+++ Extracted material +++
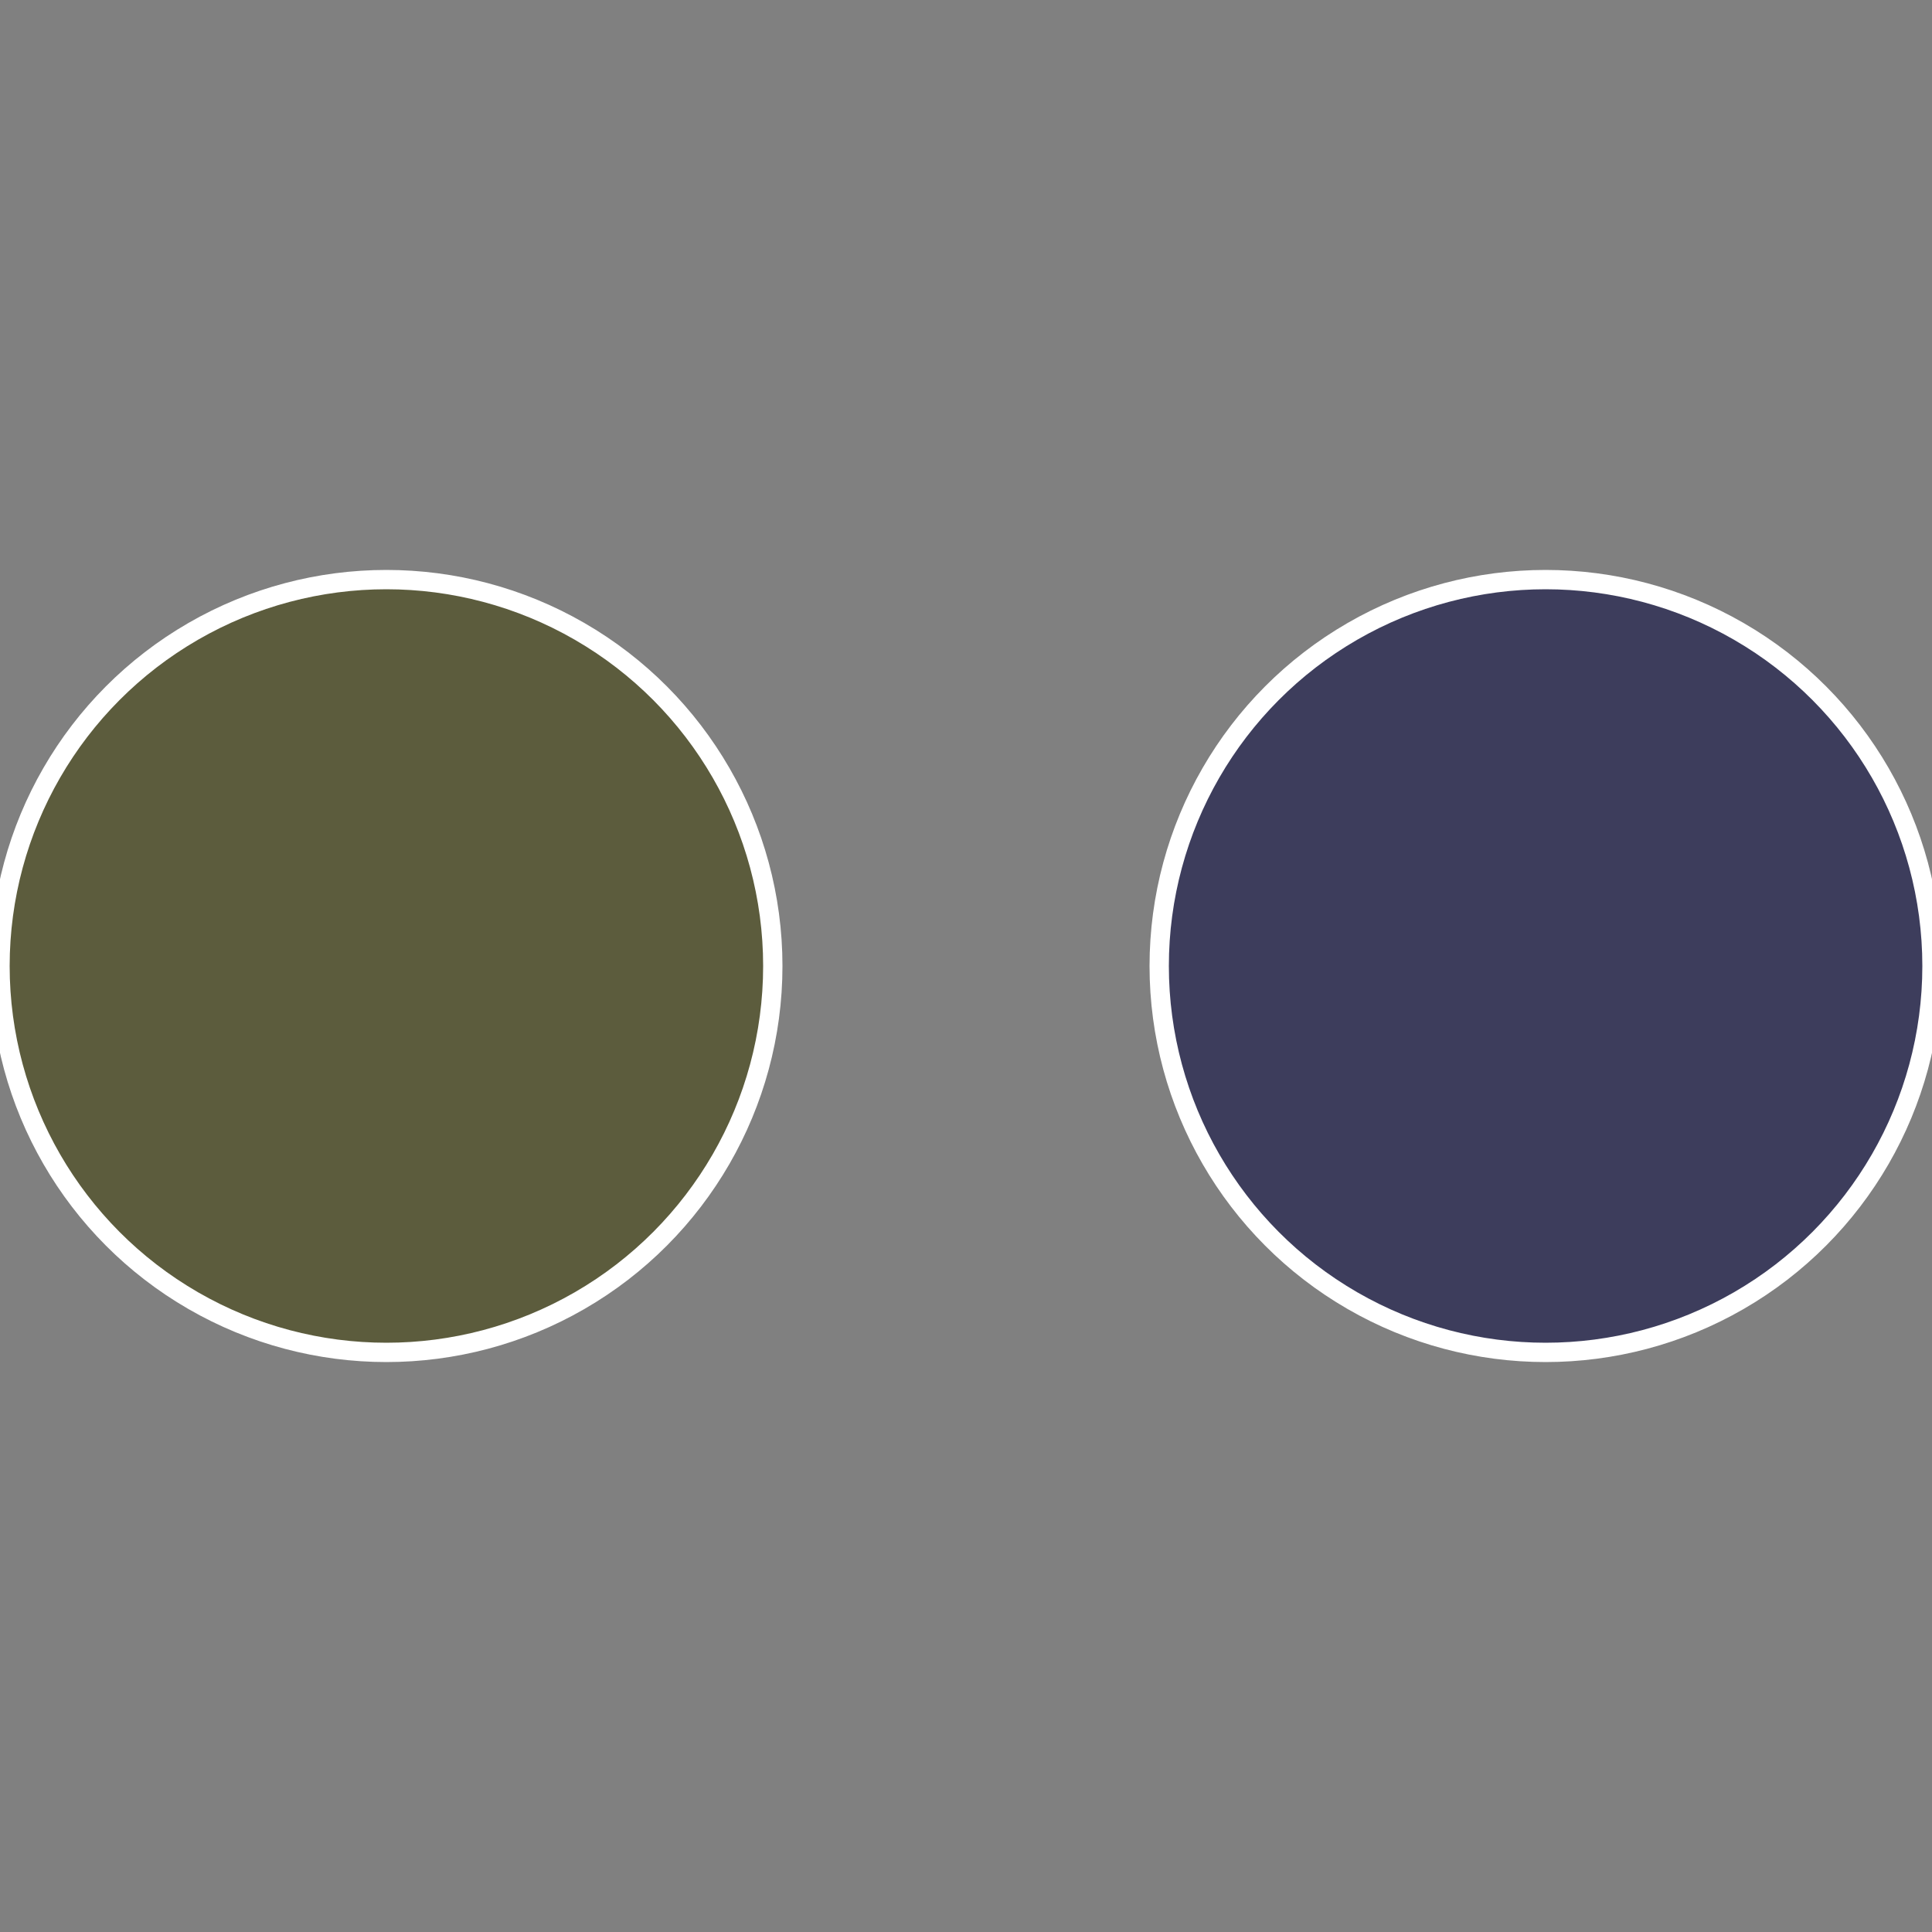 <?xml version="1.0" standalone="no"?>
<svg width="500" height="500" viewBox="-1 -1 2 2" xmlns="http://www.w3.org/2000/svg">
 
                <rect x="-1" y="-1" width="2" height="2" fill="#808080" stroke="none"/>
 
                <circle cx="0.6" cy="0" r="0.4" fill="#3d3d5c" stroke="#fff" stroke-width="1%" />
             
                <circle cx="-0.6" cy="7.3478807948841E-17" r="0.4" fill="#5c5c3d" stroke="#fff" stroke-width="1%" />
            </svg>
+++
__Task requirements__.
Show the lines where the word "stroke" appears in the entries.

__Your solution__.
                <rect x="-1" y="-1" width="2" height="2" fill="#808080" stroke="none"/>
                <circle cx="0.6" cy="0" r="0.4" fill="#3d3d5c" stroke="#fff" stroke-width="1%" />
                <circle cx="-0.6" cy="7.3478807948841E-17" r="0.4" fill="#5c5c3d" stroke="#fff" stroke-width="1%" />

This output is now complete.